Acoramidis (AG10, 0.1-10 μM for TTR ～5 μM) stabilizes V122I- and WT-TTR equally well and also exceeds their efficacy to stabilize WT and mutant TTR in whole serum [1] . Acoramidis (AG10) stimulates the mitochondrial QO2 in a concentration-dependent manner between 10 and 100 μM [3] . Acoramidis (AG10) has very minimal inhibition of two common off-targets in drug discovery, the potassium ion channel hERG (IC 50 > 100 μM) and a number of cytochrome P450 isozymes (IC 50 > 50 μM) (low toxicity) [1] . Western Blot Analysis [1] . Cell Line: Human serum (TTR ～5 μM). Concentration: 0.1 and 10 μM. Incubation Time: 72 h. Result: Was significantly more effective than tafamidis in stabilizing TTR. The concentration of AG10 to 10 μM resulted in stabilization of almost all of TTR in serum.

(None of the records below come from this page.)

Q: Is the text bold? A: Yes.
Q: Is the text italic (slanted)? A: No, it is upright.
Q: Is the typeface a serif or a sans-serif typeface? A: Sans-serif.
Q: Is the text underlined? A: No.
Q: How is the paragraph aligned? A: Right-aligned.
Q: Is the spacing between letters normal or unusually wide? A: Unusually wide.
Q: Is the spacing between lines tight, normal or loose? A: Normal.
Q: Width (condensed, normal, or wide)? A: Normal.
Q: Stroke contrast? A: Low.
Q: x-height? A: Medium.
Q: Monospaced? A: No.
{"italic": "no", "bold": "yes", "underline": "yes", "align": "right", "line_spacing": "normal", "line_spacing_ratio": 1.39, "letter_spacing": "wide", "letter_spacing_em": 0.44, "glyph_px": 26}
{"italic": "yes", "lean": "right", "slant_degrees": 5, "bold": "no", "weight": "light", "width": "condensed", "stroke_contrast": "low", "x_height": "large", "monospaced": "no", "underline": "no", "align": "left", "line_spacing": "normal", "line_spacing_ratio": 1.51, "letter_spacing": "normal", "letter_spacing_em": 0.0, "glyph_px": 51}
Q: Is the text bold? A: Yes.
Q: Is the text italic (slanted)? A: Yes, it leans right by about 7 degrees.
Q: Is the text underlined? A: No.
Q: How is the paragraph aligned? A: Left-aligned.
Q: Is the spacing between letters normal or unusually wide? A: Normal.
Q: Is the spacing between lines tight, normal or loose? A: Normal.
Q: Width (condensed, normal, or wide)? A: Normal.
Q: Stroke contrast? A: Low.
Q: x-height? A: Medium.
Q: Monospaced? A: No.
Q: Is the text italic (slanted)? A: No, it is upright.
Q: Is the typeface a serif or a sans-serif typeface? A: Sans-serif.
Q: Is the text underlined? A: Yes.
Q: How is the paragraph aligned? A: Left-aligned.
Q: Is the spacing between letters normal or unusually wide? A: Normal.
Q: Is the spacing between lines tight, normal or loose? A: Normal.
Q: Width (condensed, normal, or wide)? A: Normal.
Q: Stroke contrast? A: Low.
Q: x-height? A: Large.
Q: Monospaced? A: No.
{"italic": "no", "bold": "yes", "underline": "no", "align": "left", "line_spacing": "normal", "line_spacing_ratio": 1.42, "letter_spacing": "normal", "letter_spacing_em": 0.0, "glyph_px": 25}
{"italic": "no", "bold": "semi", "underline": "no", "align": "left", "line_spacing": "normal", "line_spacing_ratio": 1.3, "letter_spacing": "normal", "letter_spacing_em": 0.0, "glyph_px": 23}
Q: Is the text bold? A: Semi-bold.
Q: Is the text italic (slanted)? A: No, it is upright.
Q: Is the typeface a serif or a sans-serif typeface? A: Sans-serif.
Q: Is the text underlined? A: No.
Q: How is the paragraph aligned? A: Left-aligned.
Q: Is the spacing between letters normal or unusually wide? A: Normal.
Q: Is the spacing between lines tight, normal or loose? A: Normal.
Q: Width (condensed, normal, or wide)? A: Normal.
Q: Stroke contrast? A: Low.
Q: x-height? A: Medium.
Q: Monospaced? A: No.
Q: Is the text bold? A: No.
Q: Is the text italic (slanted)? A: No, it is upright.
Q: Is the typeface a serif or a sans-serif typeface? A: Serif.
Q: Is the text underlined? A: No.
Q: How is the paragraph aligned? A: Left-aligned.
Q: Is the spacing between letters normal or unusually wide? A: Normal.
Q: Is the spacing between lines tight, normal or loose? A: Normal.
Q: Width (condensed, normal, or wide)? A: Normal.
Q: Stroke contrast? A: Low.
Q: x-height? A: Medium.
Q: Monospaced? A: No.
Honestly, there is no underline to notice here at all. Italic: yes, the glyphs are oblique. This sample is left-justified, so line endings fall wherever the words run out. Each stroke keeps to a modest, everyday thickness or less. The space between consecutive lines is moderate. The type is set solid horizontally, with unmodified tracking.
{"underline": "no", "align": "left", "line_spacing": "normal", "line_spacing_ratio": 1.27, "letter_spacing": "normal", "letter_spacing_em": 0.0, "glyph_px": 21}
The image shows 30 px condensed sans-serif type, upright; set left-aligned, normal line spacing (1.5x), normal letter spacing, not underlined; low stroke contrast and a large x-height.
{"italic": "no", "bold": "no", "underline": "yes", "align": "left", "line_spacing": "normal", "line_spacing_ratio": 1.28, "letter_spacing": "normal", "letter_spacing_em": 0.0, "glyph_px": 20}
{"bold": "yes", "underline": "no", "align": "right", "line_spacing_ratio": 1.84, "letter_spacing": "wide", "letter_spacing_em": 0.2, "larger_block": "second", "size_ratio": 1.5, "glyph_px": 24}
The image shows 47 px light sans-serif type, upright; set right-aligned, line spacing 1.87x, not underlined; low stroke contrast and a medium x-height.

In an animal model using Wistar rats [1], AG10 was administered orally via gavage at a dosage of 50 mg/kg/d for toxicity analysis over a 28-day period. Subsequent results indicated a plasma C max of approximately 40 μM. Histopathological evaluations of the liver, kidney, heart, spleen, thymus, and lung revealed no signs of pathological processes in the AG10-treated subjects.